» **What is required**: How many lines in the entries below contain the string "diagram"? Reply with the number only.

Collected data

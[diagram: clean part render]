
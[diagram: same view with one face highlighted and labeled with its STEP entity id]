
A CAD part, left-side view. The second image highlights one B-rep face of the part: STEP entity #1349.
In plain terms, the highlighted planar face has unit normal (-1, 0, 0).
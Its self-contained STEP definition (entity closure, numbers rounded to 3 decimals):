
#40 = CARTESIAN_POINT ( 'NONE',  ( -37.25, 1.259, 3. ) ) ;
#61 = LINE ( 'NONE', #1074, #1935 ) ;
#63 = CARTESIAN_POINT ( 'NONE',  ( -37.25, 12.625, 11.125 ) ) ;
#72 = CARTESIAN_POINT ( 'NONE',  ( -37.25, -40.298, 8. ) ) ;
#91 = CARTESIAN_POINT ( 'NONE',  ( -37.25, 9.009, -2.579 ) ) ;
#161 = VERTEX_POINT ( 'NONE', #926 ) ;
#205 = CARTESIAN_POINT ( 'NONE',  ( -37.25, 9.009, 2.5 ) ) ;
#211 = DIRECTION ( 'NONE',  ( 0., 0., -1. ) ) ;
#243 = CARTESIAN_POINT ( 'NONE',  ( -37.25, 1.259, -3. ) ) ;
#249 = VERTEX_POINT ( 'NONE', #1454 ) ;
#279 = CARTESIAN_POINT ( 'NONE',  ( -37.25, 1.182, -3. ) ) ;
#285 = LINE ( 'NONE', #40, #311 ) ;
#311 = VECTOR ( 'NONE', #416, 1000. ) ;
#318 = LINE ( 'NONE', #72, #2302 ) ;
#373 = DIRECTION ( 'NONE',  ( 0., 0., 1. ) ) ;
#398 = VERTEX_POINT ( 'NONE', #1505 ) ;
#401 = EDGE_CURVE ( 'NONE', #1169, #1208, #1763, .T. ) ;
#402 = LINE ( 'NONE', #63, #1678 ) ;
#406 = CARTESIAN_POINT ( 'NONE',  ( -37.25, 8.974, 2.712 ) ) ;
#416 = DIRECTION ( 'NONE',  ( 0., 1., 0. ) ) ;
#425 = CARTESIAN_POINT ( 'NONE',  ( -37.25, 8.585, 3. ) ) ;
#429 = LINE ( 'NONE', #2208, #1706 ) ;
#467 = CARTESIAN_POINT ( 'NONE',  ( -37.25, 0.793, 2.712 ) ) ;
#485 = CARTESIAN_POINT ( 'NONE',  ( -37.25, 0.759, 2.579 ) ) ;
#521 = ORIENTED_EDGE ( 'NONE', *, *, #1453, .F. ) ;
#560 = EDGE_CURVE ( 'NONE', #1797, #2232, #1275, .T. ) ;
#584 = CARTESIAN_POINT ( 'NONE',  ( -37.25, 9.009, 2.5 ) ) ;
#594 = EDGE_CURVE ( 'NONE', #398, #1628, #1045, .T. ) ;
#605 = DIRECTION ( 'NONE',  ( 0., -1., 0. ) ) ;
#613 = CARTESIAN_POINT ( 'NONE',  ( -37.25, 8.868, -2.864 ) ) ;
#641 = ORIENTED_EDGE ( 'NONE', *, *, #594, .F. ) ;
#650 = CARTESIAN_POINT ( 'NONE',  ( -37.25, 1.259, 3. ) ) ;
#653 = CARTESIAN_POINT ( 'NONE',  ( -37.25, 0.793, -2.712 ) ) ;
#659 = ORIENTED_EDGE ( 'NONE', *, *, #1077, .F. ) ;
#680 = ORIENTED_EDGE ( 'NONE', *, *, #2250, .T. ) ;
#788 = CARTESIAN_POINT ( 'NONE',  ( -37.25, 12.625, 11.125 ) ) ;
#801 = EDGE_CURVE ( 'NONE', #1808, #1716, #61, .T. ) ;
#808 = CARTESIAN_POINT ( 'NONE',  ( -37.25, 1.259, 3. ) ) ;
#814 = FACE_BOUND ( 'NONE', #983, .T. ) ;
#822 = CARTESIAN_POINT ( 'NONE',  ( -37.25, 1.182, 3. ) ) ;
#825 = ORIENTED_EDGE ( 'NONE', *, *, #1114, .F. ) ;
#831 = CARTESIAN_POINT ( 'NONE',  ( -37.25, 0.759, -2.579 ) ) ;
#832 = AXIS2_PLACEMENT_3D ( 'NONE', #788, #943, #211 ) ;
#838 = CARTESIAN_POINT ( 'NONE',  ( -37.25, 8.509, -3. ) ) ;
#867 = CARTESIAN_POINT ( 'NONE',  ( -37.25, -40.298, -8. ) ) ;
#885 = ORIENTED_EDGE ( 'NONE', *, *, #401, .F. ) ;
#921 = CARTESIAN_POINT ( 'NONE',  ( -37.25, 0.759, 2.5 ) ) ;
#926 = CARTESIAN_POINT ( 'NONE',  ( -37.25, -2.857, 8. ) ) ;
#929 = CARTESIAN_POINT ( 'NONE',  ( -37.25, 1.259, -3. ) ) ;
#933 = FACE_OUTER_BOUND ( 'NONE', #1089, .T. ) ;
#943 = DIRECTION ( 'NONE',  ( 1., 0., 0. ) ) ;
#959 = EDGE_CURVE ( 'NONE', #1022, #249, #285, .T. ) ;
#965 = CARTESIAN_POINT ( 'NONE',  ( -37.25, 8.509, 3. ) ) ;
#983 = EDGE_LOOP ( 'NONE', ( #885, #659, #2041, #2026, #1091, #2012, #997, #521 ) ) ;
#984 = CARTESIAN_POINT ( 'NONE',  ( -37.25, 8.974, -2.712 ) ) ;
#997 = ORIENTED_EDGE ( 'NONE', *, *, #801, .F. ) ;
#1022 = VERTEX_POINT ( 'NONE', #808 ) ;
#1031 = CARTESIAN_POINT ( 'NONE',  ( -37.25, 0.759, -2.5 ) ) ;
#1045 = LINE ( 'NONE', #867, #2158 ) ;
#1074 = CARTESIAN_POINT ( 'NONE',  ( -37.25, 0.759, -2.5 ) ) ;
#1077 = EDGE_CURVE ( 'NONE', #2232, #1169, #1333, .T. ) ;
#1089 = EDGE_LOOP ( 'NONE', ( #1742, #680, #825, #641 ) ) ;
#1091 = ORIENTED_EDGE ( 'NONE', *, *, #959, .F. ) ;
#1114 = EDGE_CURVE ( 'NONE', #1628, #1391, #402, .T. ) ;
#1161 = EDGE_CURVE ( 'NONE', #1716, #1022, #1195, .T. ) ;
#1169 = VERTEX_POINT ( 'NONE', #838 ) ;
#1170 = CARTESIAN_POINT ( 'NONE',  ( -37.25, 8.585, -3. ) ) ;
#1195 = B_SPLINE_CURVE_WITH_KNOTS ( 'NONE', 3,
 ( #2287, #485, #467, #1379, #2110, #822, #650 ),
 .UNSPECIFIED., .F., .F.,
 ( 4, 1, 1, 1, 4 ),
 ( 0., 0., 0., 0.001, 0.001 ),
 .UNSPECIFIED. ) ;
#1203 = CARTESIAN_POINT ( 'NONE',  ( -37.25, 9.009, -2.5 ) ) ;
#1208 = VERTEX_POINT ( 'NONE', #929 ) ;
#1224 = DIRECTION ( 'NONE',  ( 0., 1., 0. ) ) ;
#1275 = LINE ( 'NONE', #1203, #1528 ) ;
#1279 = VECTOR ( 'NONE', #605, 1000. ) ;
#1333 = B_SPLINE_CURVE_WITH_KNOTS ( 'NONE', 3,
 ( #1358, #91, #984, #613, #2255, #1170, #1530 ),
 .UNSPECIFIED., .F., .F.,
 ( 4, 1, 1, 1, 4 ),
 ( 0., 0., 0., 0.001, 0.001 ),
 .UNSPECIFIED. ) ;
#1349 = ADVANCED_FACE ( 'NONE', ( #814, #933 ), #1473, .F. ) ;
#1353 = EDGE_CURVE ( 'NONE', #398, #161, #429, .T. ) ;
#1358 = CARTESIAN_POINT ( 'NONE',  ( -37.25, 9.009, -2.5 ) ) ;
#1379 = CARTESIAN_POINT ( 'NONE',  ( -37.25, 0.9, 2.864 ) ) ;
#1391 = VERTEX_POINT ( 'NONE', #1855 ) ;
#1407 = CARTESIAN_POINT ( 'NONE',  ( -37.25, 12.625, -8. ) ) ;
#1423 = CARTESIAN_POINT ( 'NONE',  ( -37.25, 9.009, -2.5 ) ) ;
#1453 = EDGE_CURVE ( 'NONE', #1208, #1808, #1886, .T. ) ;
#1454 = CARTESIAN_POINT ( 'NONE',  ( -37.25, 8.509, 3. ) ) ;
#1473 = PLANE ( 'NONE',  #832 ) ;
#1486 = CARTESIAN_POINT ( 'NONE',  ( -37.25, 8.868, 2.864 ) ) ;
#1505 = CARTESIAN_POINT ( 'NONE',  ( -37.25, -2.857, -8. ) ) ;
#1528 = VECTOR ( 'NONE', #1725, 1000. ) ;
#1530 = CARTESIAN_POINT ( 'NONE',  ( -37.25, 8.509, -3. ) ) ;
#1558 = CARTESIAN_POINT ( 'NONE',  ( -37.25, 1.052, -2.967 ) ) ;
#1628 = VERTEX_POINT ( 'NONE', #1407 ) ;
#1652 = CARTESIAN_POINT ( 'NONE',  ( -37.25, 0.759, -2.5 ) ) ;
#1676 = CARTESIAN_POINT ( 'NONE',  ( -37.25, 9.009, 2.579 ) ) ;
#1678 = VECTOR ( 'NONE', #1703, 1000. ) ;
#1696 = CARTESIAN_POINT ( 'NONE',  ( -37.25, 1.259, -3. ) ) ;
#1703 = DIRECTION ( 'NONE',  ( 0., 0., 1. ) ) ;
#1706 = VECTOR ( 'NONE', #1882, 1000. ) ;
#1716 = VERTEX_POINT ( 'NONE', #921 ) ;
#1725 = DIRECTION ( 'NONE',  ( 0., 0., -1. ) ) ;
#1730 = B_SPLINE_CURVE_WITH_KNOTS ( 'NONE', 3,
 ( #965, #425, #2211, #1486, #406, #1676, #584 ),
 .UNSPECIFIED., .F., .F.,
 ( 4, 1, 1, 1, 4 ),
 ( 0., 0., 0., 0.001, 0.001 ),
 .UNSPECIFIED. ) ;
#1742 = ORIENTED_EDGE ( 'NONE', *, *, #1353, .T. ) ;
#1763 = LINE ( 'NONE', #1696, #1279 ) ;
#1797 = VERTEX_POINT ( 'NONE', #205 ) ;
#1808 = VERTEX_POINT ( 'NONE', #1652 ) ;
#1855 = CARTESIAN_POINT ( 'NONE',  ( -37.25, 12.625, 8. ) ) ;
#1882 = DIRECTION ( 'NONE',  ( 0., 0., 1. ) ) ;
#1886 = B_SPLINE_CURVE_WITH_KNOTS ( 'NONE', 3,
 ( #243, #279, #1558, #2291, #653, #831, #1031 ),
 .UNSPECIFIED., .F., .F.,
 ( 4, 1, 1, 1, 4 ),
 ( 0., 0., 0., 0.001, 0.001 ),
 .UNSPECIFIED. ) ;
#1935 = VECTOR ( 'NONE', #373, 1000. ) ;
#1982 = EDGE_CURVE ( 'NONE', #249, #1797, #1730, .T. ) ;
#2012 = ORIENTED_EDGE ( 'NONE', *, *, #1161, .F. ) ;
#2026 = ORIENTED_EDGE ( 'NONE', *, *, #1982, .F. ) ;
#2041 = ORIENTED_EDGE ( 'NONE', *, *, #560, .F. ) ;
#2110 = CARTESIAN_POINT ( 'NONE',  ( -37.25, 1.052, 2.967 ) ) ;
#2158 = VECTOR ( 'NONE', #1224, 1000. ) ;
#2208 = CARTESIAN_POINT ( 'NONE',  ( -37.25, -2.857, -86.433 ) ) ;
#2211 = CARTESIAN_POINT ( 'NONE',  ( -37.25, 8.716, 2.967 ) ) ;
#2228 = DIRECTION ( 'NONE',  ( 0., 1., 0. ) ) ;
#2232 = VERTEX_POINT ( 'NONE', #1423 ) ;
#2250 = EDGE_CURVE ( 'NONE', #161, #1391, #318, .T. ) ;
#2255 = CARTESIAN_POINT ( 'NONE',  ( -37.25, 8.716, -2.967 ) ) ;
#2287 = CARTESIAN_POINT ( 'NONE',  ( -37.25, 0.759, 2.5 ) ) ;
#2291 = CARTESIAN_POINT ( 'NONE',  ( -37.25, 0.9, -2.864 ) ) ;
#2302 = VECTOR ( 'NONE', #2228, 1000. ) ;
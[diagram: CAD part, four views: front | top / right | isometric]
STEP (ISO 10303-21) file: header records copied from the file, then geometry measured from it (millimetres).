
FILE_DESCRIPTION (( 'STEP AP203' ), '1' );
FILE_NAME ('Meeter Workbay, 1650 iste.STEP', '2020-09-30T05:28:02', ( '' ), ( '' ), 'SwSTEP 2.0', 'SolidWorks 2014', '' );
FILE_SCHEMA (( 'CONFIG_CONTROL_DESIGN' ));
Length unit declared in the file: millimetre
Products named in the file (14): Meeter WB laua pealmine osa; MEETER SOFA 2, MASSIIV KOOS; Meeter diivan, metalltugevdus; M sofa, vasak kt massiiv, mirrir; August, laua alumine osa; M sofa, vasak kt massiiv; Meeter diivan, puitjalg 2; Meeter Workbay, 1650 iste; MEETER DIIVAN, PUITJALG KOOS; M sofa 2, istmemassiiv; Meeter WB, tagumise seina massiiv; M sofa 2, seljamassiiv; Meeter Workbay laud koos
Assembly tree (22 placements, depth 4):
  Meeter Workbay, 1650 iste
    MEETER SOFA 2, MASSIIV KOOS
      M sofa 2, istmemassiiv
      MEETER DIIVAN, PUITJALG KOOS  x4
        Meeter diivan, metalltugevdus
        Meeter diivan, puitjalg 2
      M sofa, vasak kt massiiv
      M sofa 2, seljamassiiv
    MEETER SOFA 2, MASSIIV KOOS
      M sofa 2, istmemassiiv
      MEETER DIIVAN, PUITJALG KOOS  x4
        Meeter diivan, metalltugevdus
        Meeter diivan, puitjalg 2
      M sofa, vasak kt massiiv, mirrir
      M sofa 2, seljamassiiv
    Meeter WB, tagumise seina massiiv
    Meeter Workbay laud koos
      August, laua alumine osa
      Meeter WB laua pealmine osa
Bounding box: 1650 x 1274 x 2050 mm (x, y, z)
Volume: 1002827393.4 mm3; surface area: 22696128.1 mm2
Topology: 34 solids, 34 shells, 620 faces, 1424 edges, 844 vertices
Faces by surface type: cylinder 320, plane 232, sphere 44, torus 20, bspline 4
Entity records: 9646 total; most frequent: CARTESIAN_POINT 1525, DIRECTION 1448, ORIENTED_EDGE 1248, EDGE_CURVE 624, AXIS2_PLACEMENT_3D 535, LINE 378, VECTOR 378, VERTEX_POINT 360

» **Response for this exercise**: 3